Compared to today’s Bollywood standards the film may seem technically outdated and jaded but keeping the late 70s in mind it was quite suitably placed in terms of technique: special effects (B. Gupta), make-up, costumes (Bhanu Athaiya, although men’s dresses were rather outlandish, sound (Mangesh Desai), editing (Shyam maintains continuity and ensures that the number of diversions from the main screenplay are kept minimum), stunts (Abdul Ghani) and cinematography. At times, art direction (Sant Singh) is tacky and patchy for scenes shot indoors. The dialogues by Inder Raj Anand add spice and flavour to the proceedings. The idea of the film, credited to Hakim Latta, was developed into a reasonably engrossing screenplay by Jaggi Rampal and Charandas Shokh.

The story is set in a scenic village, where a monster, Jwala abducts and gruesomely kills any bride dressed in red, whenever a marriage procession stops in front of the temple. The chilling mishaps occur unabated for years on end, despite the presence of law enforcing agencies working to neutralize Jwala. As expected, the horror plot is interspersed with multiple love triangles which is a bit convoluted and confusing.
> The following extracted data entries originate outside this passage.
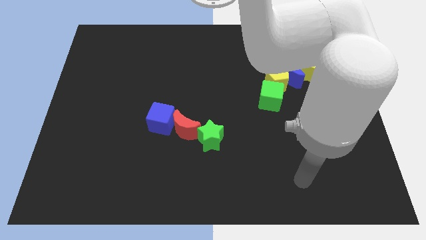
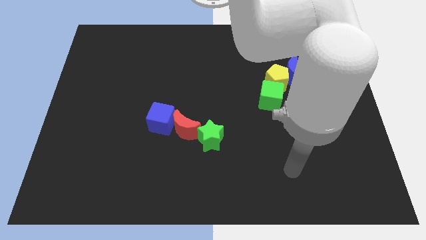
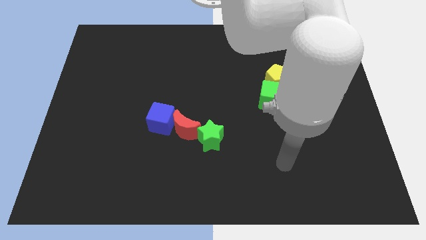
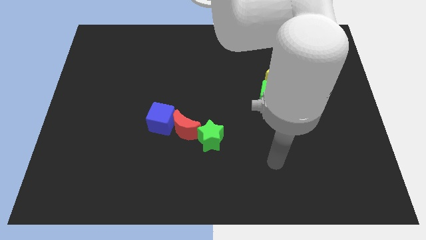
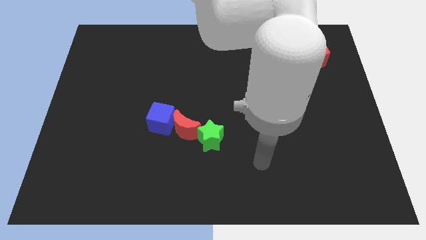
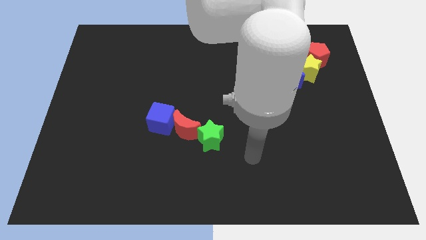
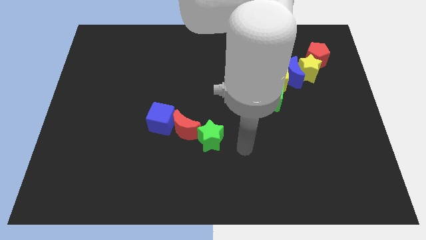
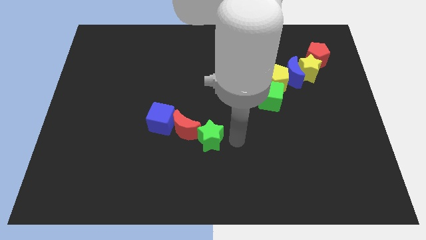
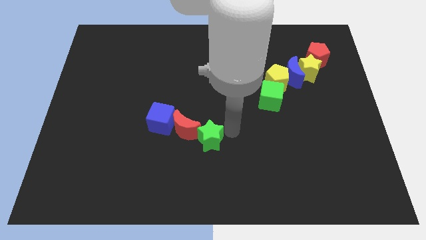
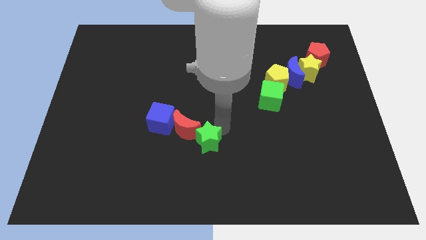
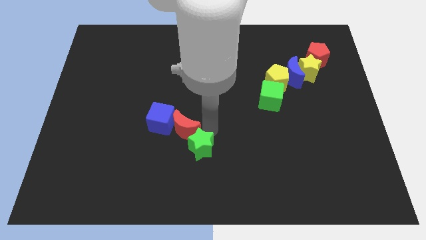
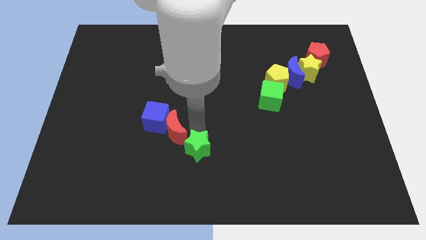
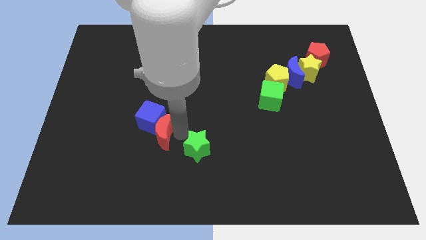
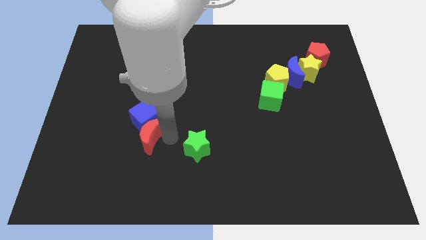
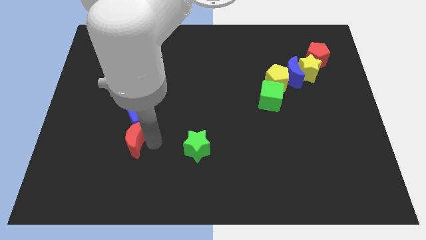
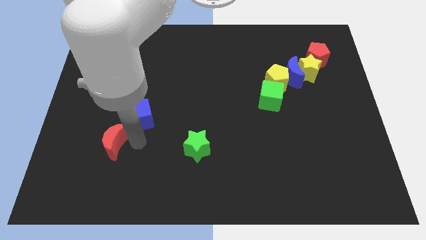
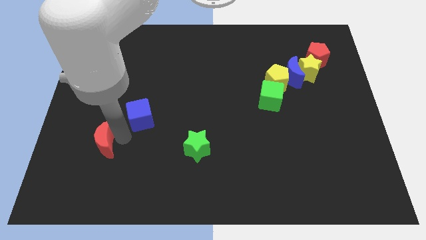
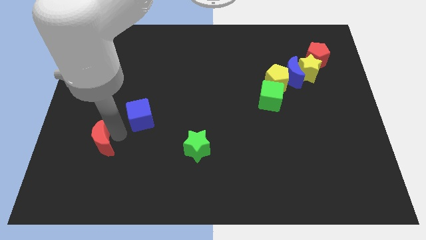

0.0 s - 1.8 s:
move the blue cube away from the red moon

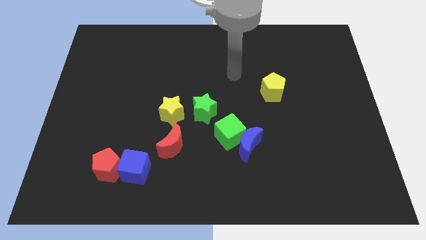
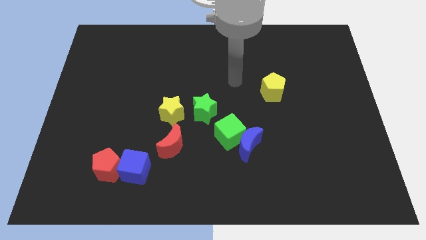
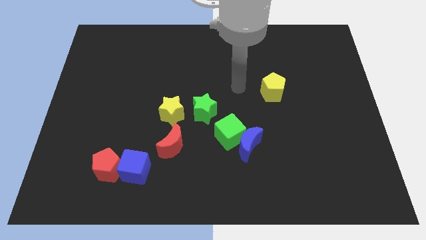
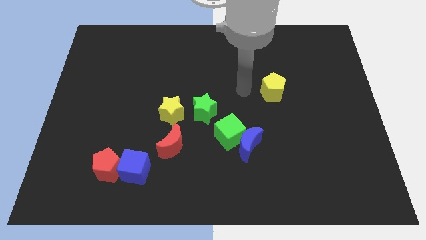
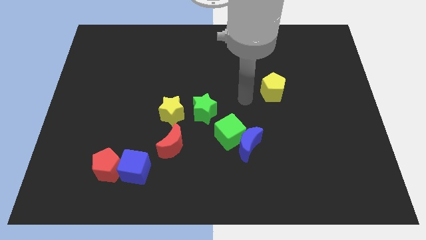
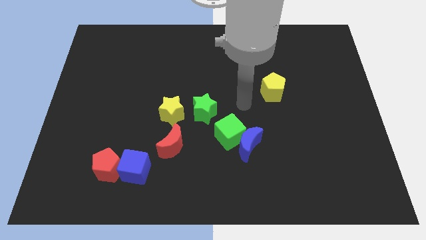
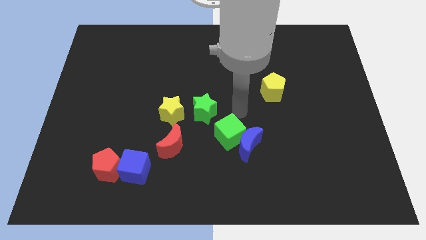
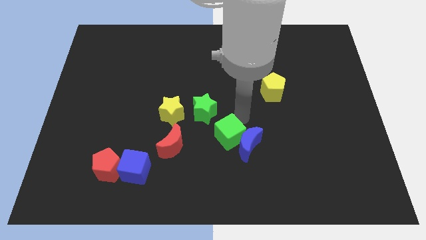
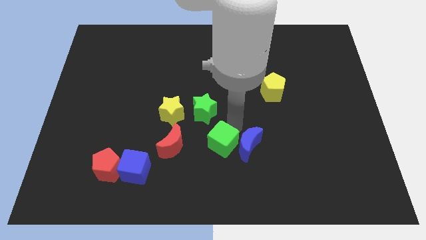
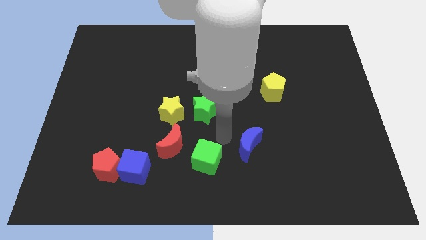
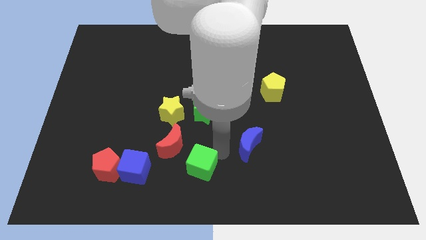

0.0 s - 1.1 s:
move the blue moon away from the green cube

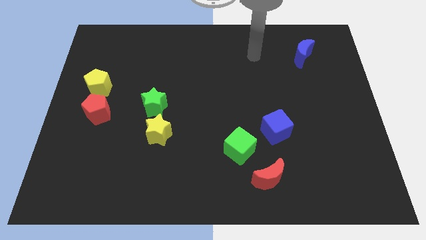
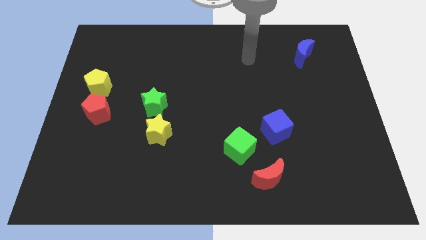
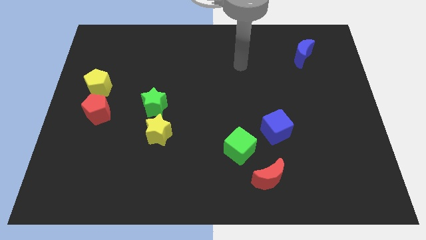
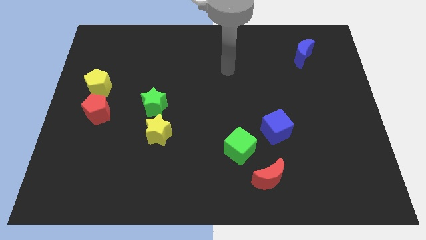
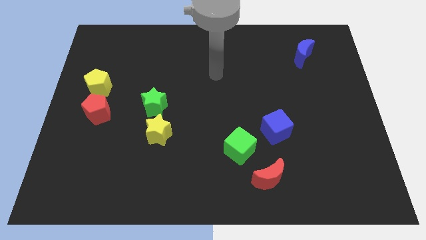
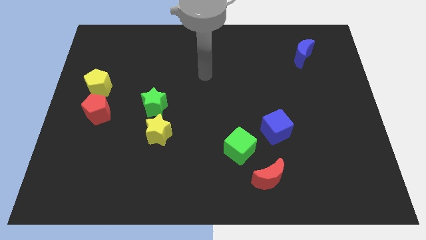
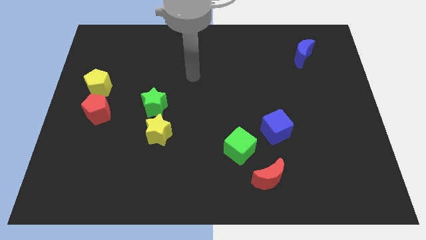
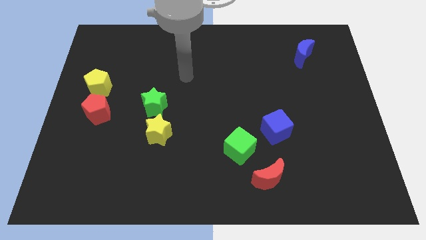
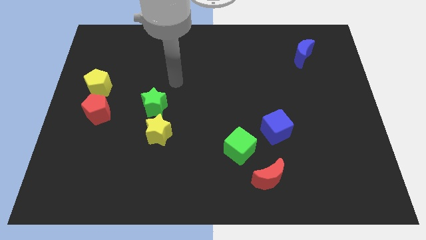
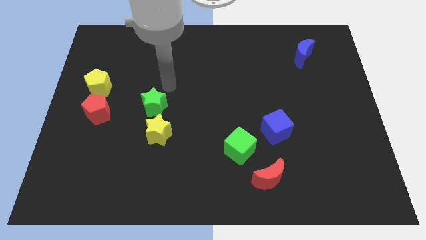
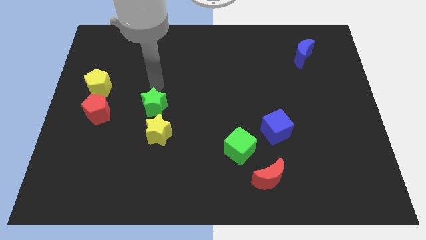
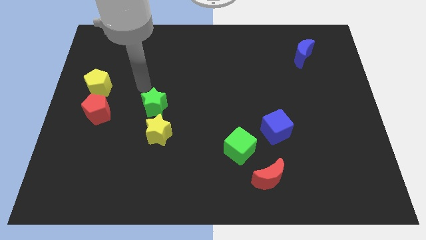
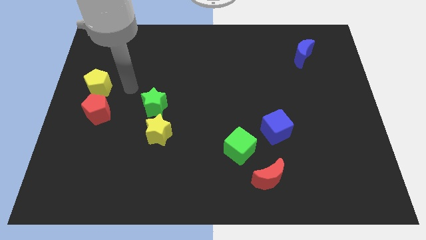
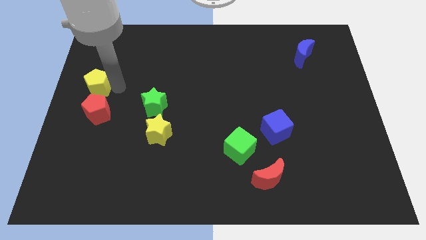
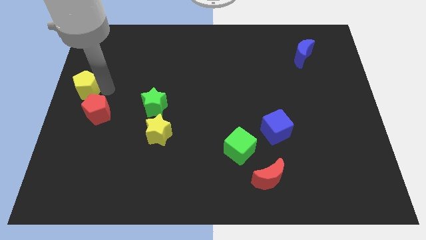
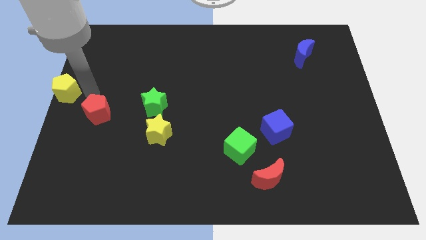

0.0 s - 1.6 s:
separate the red pentagon from the yellow pentagon

Lakhan (Sunil Dutt) and Reshma (Reena Roy), daughter of the village vaid, Madan Puri, want to get married. In turn, Reshma is coveted by Shera (Shatrughan Sinha), son of the village thakur (Sanjeev Kumar) even though Shera is liked by Champa (Rekha). There is a further twist in the tale, as Thakur’s daughter (Bindiya Goswami) secretly loves Lakhan. The tussle over Reshma brings Lakhan and Shera in direct conflict to each other. Then there is the Jeetendra-Neetu Singh story within the story. How the many sided geometrical love structure pans out can only be understood after watching the film.

In the midst of all this, the finger of suspicion keeps moving towards many a protagonist, including the village priest (Prem Nath), the vaid, the thakur (held in high esteem by the village folks for his sense of justice), Shera and others.

The mystery is further deepened with the presence of a madman (Vinod Mehra) who roams in the village under inexplicable circumstances. Everyone is scared whenever a wedding is scheduled in the village with no idea on how to deal with the ogre. Demystifying the secret of Jwala forms crux of the story and the dénouement is well scripted and keeps one guessing till the very end.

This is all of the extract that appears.